In the present disclosure, a heteroaryl group may contain at least one of B, O, N, P, Si, or S as a heteroatom. If (e.g., when) the heteroaryl group contains two or more heteroatoms, the two or more heteroatoms may be the same as or different from each other. The heteroaryl group may be a monocyclic heterocyclic group or a polycyclic heterocyclic group. The number of ring-forming carbon atoms in the heteroaryl group may be 2 to 60, 2 to 30, 2 to 20, or 2 to 10. Examples of the heteroaryl group may include a thiophene group, a furan group, a pyrrole group, an imidazole group, a pyridine group, a bipyridine group, a pyrimidine group, a triazine group, a triazole group, an acridyl group, a pyridazine group, a pyrazinyl group, a quinoline group, a quinazoline group, a quinoxaline group, a phenoxazine group, a phthalazine group, a pyrido pyrimidine group, a pyrido pyrazine group, a pyrazino pyrazine group, an isoquinoline group, an indole group, a carbazole group, an N-arylcarbazole group, an N-heteroarylcarbazole group, an N-alkylcarbazole group, a benzoxazole group, a benzimidazole group, a benzothiazole group, a benzocarbazole group, a benzothiophene group, a dibenzothiophene group, a thienothiophene group, a benzofuran group, a phenanthroline group, a thiazole group, an isoxazole group, an oxazole group, an oxadiazole group, a thiadiazole group, a phenothiazine group, a dibenzosilole group, a dibenzofuran group, and/or the like, but embodiments of the present disclosure are not limited thereto.

In the present disclosure, the above description of the aryl group may be applied to an arylene group except that the arylene group is a divalent group. The above description of the heteroaryl group may be applied to a heteroarylene group except that the heteroarylene group is a divalent group.

In the present disclosure, a silyl group may include an alkylsilyl group and/or an arylsilyl group.
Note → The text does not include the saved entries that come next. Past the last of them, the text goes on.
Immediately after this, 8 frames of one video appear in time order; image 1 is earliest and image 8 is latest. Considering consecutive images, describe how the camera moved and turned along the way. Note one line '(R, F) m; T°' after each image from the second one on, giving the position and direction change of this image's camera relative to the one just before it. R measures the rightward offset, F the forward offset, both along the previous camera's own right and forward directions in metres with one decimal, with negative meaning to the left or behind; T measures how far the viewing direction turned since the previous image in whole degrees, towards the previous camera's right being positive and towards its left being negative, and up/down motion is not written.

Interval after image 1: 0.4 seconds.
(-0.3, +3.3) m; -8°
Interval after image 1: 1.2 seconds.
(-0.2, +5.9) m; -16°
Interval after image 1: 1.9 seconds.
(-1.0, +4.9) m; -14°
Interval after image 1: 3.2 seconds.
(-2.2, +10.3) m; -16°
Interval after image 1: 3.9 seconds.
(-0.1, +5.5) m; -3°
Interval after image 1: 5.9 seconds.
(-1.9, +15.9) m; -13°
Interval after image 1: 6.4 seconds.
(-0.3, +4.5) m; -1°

Examples of the silyl group may include a trimethylsilyl group, a triethylsilyl group, a t-butyldimethylsilyl group, a vinyldimethylsilyl group, a propyldimethylsilyl group, a triphenylsilyl group, a diphenylsilyl group, a phenylsilyl group, and/or the like, but embodiments of the present disclosure are not limited thereto.

In the disclosure, the number of carbon atoms in a carbonyl group is not specifically limited, but may be 1 to 40, 1 to 30, or 1 to 20. For example, the carbonyl group may have the following structures, but embodiments of the present disclosure are not limited thereto.
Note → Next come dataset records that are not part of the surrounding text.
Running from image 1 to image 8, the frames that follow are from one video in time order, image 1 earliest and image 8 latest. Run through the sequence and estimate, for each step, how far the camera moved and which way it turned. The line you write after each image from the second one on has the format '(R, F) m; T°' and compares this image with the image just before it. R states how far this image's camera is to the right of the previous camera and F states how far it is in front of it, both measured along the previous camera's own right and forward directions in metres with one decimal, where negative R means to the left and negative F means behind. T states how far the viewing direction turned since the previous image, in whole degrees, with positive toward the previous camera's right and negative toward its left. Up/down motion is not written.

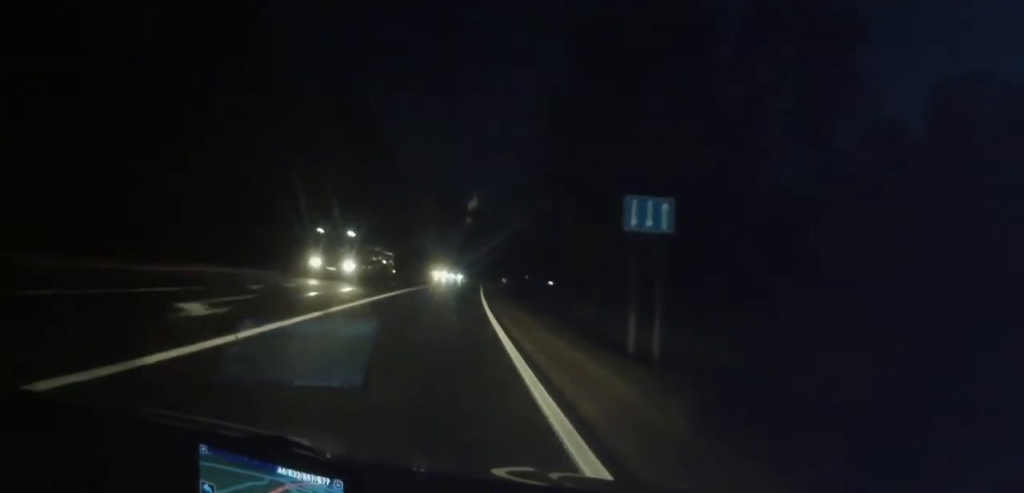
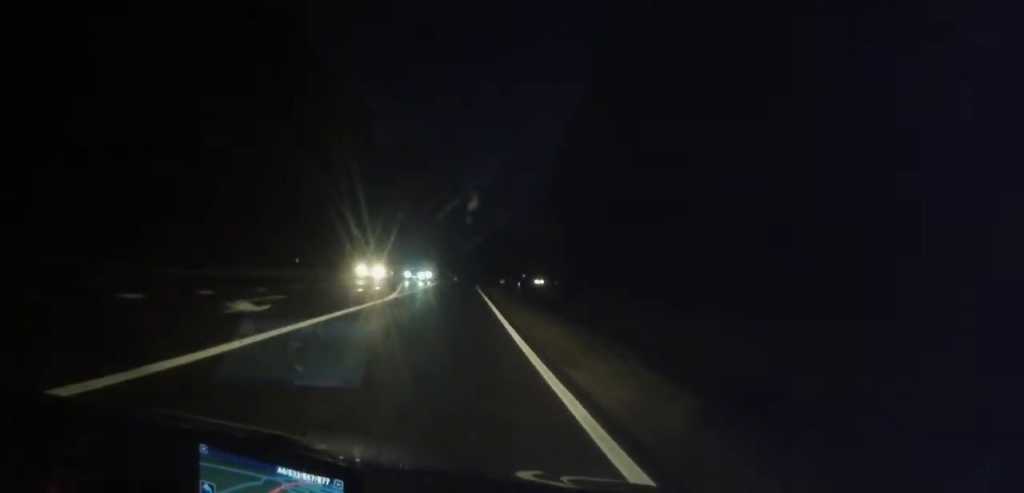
(+0.7, +27.7) m; +2°
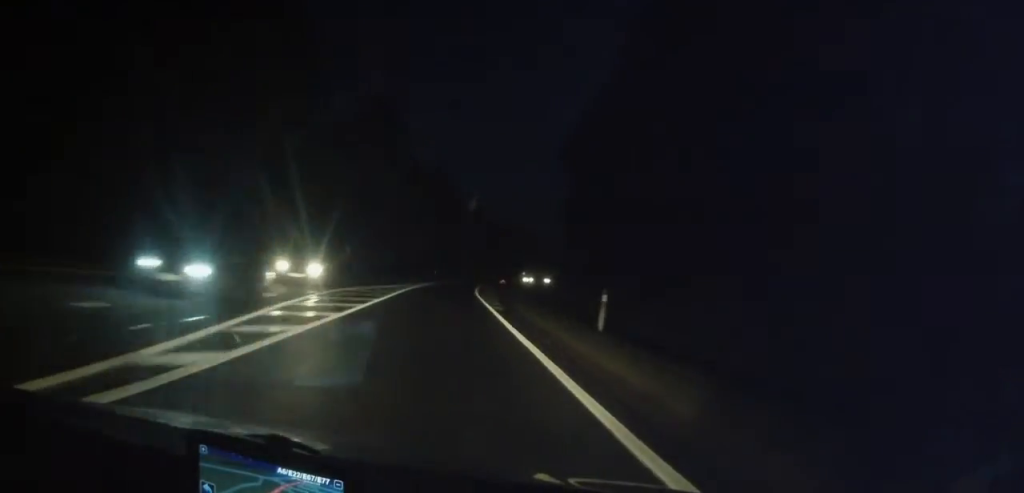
(+0.2, +25.6) m; 0°
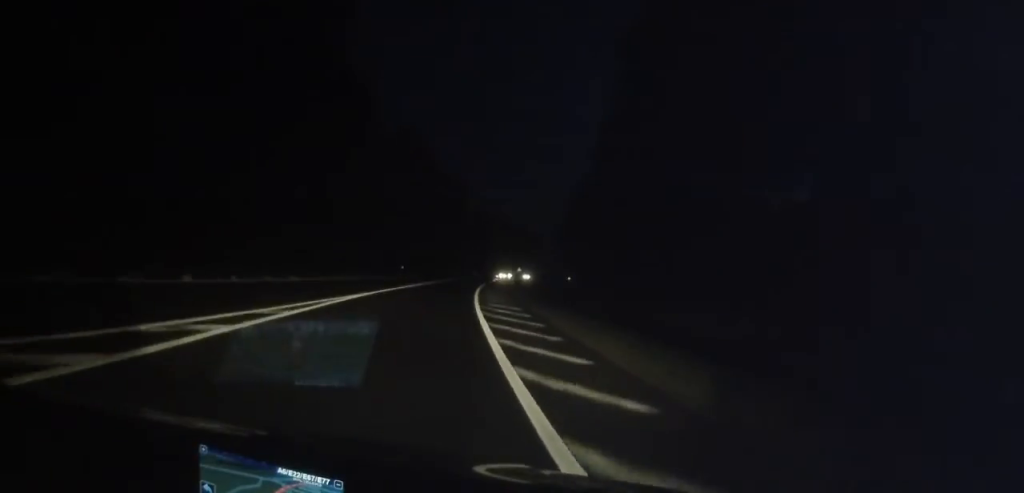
(+0.1, +33.3) m; +1°
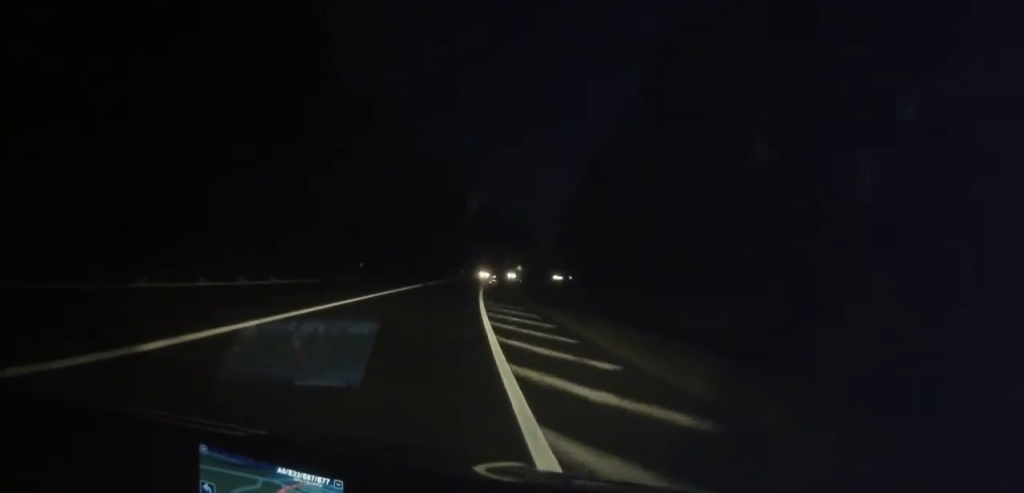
(+0.4, +25.1) m; +2°
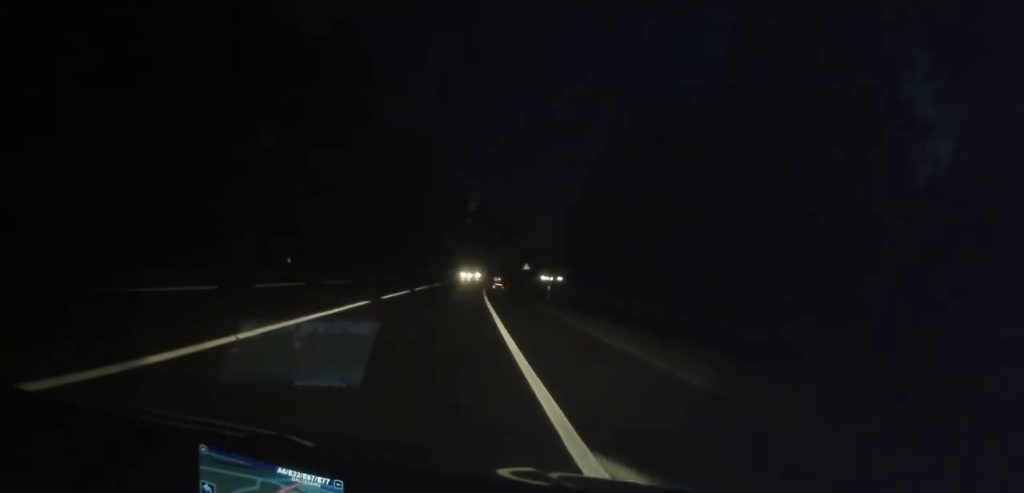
(+0.4, +22.5) m; +1°
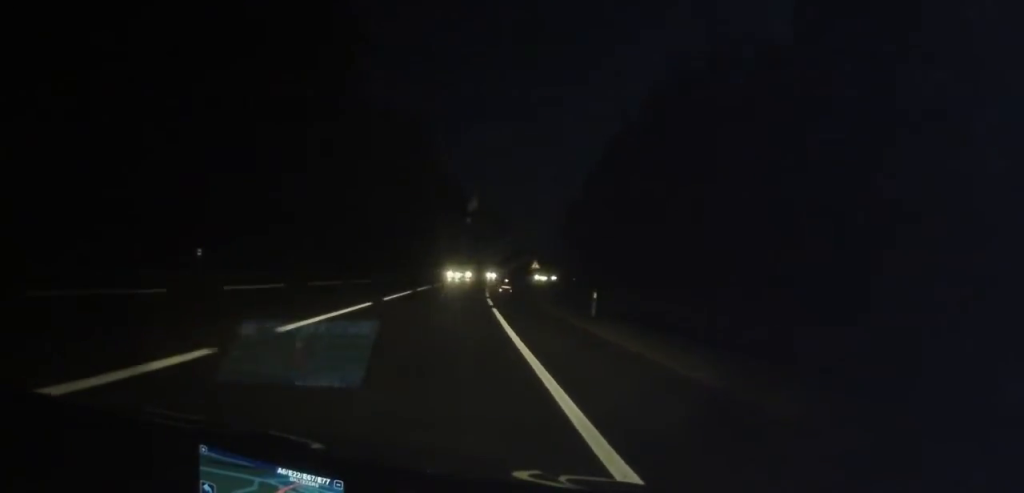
(-0.1, +12.6) m; +1°
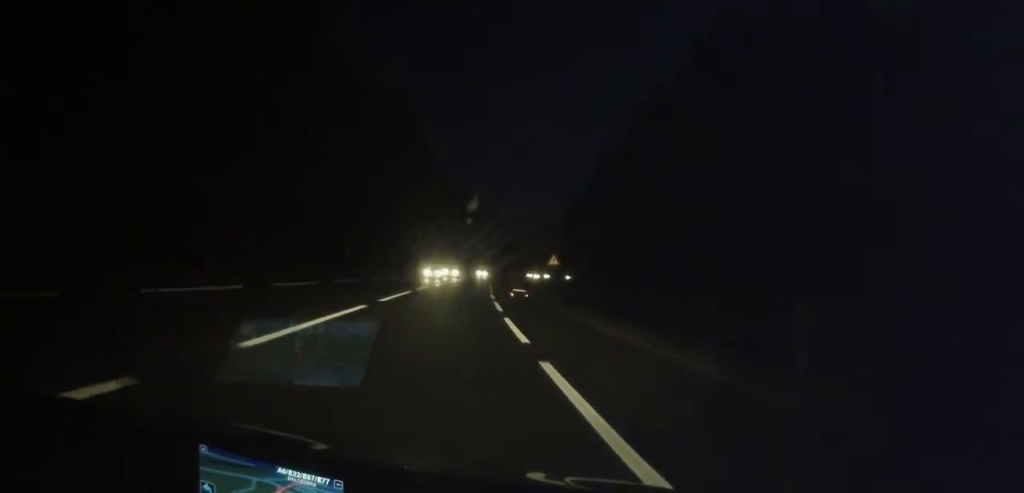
(+0.1, +13.9) m; +1°

In the present disclosure, the number of carbon atoms in a sulfinyl group or a sulfonyl group is not particularly limited, for example, may be 1 to 30. The sulfinyl group may include an alkyl sulfinyl group and/or an aryl sulfinyl group. The sulfonyl group may include an alkyl sulfonyl group and/or an aryl sulfonyl group.

In the present disclosure, a thio group may include an alkylthio group and/or an arylthio group. The thio group may refer to that a sulfur atom is bonded to the alkyl group or the aryl group defined above. Examples of the thio group may include a methylthio group, an ethylthio group, a propylthio group, a pentylthio group, a hexylthio group, an octylthio group, a dodecylthio group, a cyclopentylthio group, a cyclohexylthio group, a phenylthio group, and a naphthylthio group, but embodiments of the present disclosure are not limited thereto.
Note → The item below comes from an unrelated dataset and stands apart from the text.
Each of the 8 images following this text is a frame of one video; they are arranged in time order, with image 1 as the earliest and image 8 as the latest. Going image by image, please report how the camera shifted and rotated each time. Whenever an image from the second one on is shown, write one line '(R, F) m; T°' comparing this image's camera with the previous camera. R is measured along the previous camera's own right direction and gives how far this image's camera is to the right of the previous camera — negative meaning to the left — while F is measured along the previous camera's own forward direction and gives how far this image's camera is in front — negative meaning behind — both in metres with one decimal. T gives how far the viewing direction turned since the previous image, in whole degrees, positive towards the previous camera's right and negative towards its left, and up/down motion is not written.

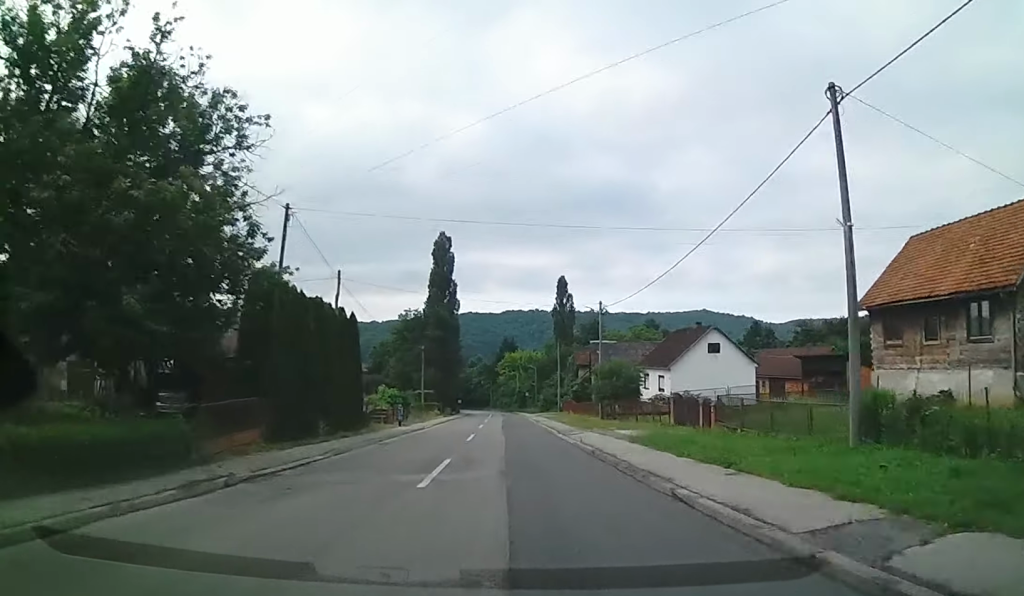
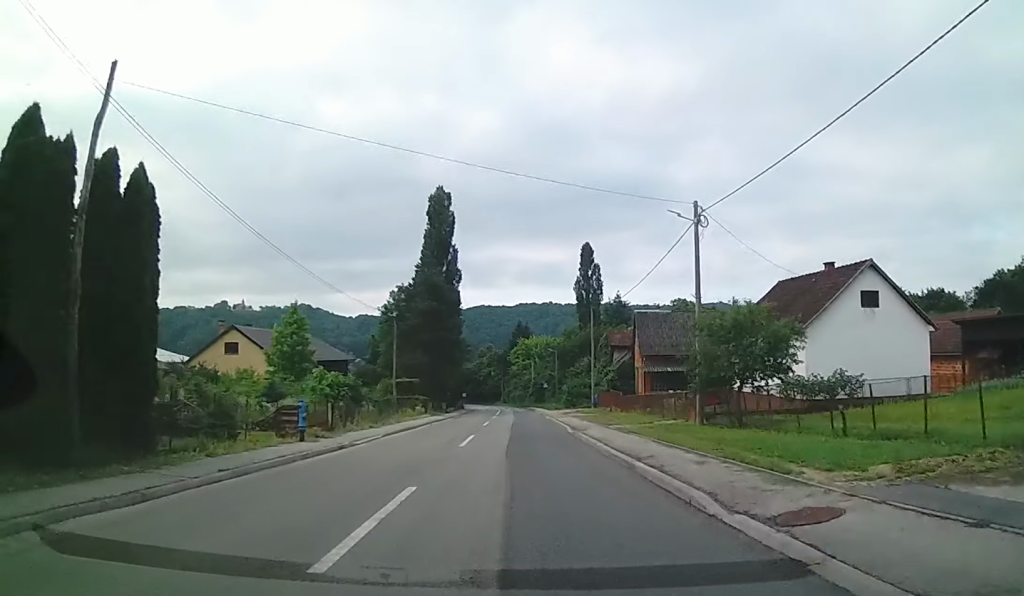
(+0.1, +21.2) m; 0°
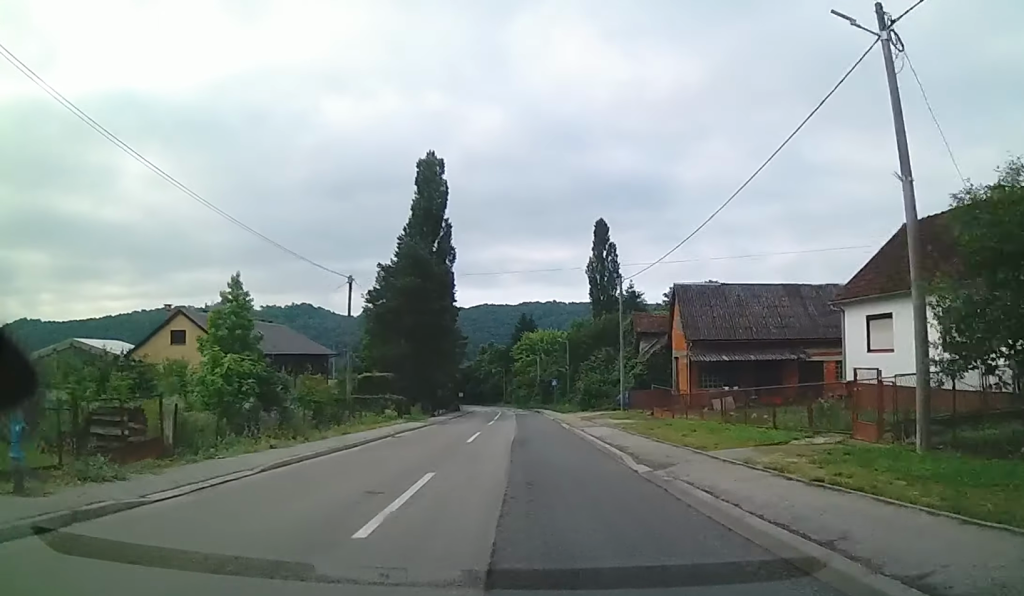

In the present disclosure, an oxy group may refer to that an oxygen atom is bonded to the alkyl group or the aryl group defined above. The oxy group may include an alkoxy group and/or an aryl oxy group. The alkoxy group may be a linear chain, a branched chain, or a ring. The number of carbon atoms in the alkoxy group is not specifically limited, but may be, for example, 1 to 20 or 1 to 10. Examples of the oxy group may include methoxy, ethoxy, n-propoxy, isopropoxy, butoxy, pentyloxy, hexyloxy, octyloxy, nonyloxy, decyloxy, benzyloxy, and/or the like, but embodiments of the present disclosure are not limited thereto.

A boron group as used herein may refer to that a boron atom is bonded to the alkyl group or the aryl group defined above. The boron group includes an alkyl boron group and/or an aryl boron group. Examples of the boron group may include a dimethylboron group, a diethylboron group, a t-butylmethylboron group, a diphenylboron group, a phenylboron group, and/or the like, but embodiments of the present disclosure are not limited thereto.

In the present disclosure, the number of carbon atoms in an amine group is not specifically limited, for example, may be 1 to 30. The amine group may include an alkyl amine group and/or an aryl amine group. Examples of the amine group may include a methylamine group, a dimethylamine group, a phenylamine group, a diphenylamine group, a naphthylamine group, a 9-methyl-anthracenylamine group, and/or the like, but embodiments of the present disclosure are not limited thereto.

In the present disclosure, the alkyl group among an alkylthio group, an alkylsulfoxy group, an alkylaryl group, an alkylamino group, an alkyl boron group, an alkyl silyl group, and an alkyl amine group may be the same as the examples of the alkyl group described above.

In the present disclosure, the aryl group among an aryloxy group, an arylthio group, an arylsulfoxy group, an arylamino group, an arylboron group, an arylsilyl group, and an arylamine group may be the same as the examples of the aryl group described above.

In the present disclosure, a direct linkage may refer to a single bond. In the disclosure,

and “-*” each refer to a position to be connected.

Hereinafter, example embodiments of the present disclosure will be described in more detail with reference to the accompanying drawings.

FIG. 1 is a plan view illustrating a display device DD according to one or more embodiments of the present disclosure. FIG. 2 is a cross-sectional view of the display device DD according to one or more embodiments. FIG. 2 is a cross-sectional view illustrating a part taken along the line I-I′ of the display device DD of FIG. 1. In this disclosure, an electronic device may be the display device DD or may include the display device DD.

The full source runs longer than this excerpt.